I'm not overly fond of Zeb's Guide...nor do I have any qualms stating why. Tongue out

My SF website

KRingway's picture
KRingway
February 6, 2018 - 12:39pm
So me and my RPG must've been doing something wrong then, judging by the above posts Laughing We really liked Zeb's and got a lot of good gaming mileage out of it. Replaying again after a 25 year gap, we mixed the AD and Zeb's just because we liked both and remembered enough of both to make it useable. I still think that this works well - but, like I said, my group had an established history of houseruling and homebrewing stuff so if any given RPG had gaps in it we had no problems working around it. As a referee I was chomping at the bit to start running adventures using Zeb's as there was a lot of idea fuel in it, and my players really liked it.

JCab747's picture
JCab747
February 6, 2018 - 6:49pm
KRingway wrote:
So me and my RPG must've been doing something wrong then, judging by the above posts Laughing We really liked Zeb's and got a lot of good gaming mileage out of it. Replaying again after a 25 year gap, we mixed the AD and Zeb's just because we liked both and remembered enough of both to make it useable. I still think that this works well - but, like I said, my group had an established history of houseruling and homebrewing stuff so if any given RPG had gaps in it we had no problems working around it. As a referee I was chomping at the bit to start running adventures using Zeb's as there was a lot of idea fuel in it, and my players really liked it.
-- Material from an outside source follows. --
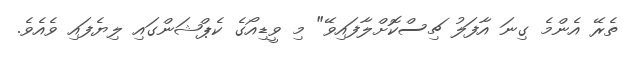
ތެރޭ އެންމެ ގިނަ އާފަލު ޗިސްކޮށްލާފައިވޭ" މި ވީޑިއޯގެ ކެޕްޝަންގައި ލިޔެފައި ވެއެވެ.

I wouldn't say you are wrong. Glad you liked it.
Joe Cabadas

jedion357's picture
jedion357
February 7, 2018 - 6:34am
KRingway wrote:
my group had an established history of houseruling and homebrewing stuff


and the immortal demigod Gygax smiled on the mortals who pleased him well....
I might not be a dralasite, vrusk or yazirian but I do play one in Star Frontiers!

JCab747's picture
JCab747
February 7, 2018 - 8:20am
Sorry for diverting the attention of this topic.

Besides claymores, grasshoppers (bouncing betties) and leapfrog mines, any other ideas?
Joe Cabadas

JCab747's picture
JCab747
February 7, 2018 - 8:44am
What about laser and sonic mines?

These might need a particular design to work well.

Maybe they would operate similar to claymores and would have a cone of destruction in front of them?